Our research doesn’t dispute that students who take calculus often go on to earn higher salaries than those who don’t, but the cause and effect is more nuanced. Calculus itself doesn’t necessarily lead to bigger paychecks; rather, students aiming for high-earning fields like engineering or computer science tend to take it because those careers require it. 

In fact, based on our research, after accounting for students’ academic preparation, those who took statistics earn just as much money in the long run as those who studied calculus. This further supports the conclusion that while calculus remains essential for STEM-bound students, it shouldn’t be the only marker of rigor. 

Forcing students not planning a STEM career to take calculus because it’s the only rigorous math option may discourage and frustrate them, while a different math course such as statistics might better prepare them for high-earning careers in other fields that better align with their interests. For example, statistics and data science courses can build skills that are applicable in areas ranging from business to public policy, health care and the social sciences.
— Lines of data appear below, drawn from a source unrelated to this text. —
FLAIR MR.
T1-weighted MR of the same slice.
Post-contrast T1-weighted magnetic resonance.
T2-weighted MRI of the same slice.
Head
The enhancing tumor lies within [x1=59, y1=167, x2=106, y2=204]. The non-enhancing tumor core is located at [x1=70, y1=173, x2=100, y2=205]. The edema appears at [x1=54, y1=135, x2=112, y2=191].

That’s why high schools and colleges should offer — and recognize — multiple rigorous math options. Rather than making calculus the only advanced math class, schools should provide choices that match students’ aspirations, and colleges should value these on par with AP calculus.

What should matter is giving every student the opportunity to tackle challenging, relevant subjects such as calculus, statistics, computer science and data science. Those courses should be backed by robust standards, curricula and assessments, like those established by the AP program, to ensure the courses will be recognized by colleges  for their academic rigor that is also aligned with students’ career paths. 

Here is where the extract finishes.